**AVAILABLE DATA:**
################

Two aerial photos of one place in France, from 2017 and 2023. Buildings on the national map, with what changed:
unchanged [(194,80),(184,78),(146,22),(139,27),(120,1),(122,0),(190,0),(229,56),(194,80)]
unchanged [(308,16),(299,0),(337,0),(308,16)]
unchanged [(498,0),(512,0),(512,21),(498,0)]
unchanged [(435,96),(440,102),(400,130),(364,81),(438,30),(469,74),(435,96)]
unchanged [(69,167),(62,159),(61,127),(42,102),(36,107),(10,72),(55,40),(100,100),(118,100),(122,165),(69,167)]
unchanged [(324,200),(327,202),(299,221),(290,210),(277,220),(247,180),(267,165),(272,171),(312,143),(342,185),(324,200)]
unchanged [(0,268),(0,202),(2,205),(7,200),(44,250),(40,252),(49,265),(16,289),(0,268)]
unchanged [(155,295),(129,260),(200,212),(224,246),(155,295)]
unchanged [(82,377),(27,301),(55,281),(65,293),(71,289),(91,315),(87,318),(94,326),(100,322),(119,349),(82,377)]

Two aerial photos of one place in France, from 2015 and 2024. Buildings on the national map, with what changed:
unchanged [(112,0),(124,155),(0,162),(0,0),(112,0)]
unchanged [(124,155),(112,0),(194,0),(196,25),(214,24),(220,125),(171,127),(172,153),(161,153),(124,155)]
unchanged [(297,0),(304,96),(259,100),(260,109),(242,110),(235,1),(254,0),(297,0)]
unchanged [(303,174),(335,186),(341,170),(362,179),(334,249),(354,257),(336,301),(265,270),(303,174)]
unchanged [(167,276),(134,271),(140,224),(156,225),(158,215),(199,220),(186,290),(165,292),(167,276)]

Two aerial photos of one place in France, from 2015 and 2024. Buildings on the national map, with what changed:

################

**YOUR GOAL:** Could you write out all the entries exactly as given?

**EXERCISE SOLUTION:**
Two aerial photos of one place in France, from 2017 and 2023. Buildings on the national map, with what changed:
unchanged [(194,80),(184,78),(146,22),(139,27),(120,1),(122,0),(190,0),(229,56),(194,80)]
unchanged [(308,16),(299,0),(337,0),(308,16)]
unchanged [(498,0),(512,0),(512,21),(498,0)]
unchanged [(435,96),(440,102),(400,130),(364,81),(438,30),(469,74),(435,96)]
unchanged [(69,167),(62,159),(61,127),(42,102),(36,107),(10,72),(55,40),(100,100),(118,100),(122,165),(69,167)]
unchanged [(324,200),(327,202),(299,221),(290,210),(277,220),(247,180),(267,165),(272,171),(312,143),(342,185),(324,200)]
unchanged [(0,268),(0,202),(2,205),(7,200),(44,250),(40,252),(49,265),(16,289),(0,268)]
unchanged [(155,295),(129,260),(200,212),(224,246),(155,295)]
unchanged [(82,377),(27,301),(55,281),(65,293),(71,289),(91,315),(87,318),(94,326),(100,322),(119,349),(82,377)]

Two aerial photos of one place in France, from 2015 and 2024. Buildings on the national map, with what changed:
unchanged [(112,0),(124,155),(0,162),(0,0),(112,0)]
unchanged [(124,155),(112,0),(194,0),(196,25),(214,24),(220,125),(171,127),(172,153),(161,153),(124,155)]
unchanged [(297,0),(304,96),(259,100),(260,109),(242,110),(235,1),(254,0),(297,0)]
unchanged [(303,174),(335,186),(341,170),(362,179),(334,249),(354,257),(336,301),(265,270),(303,174)]
unchanged [(167,276),(134,271),(140,224),(156,225),(158,215),(199,220),(186,290),(165,292),(167,276)]

Two aerial photos of one place in France, from 2015 and 2024. Buildings on the national map, with what changed:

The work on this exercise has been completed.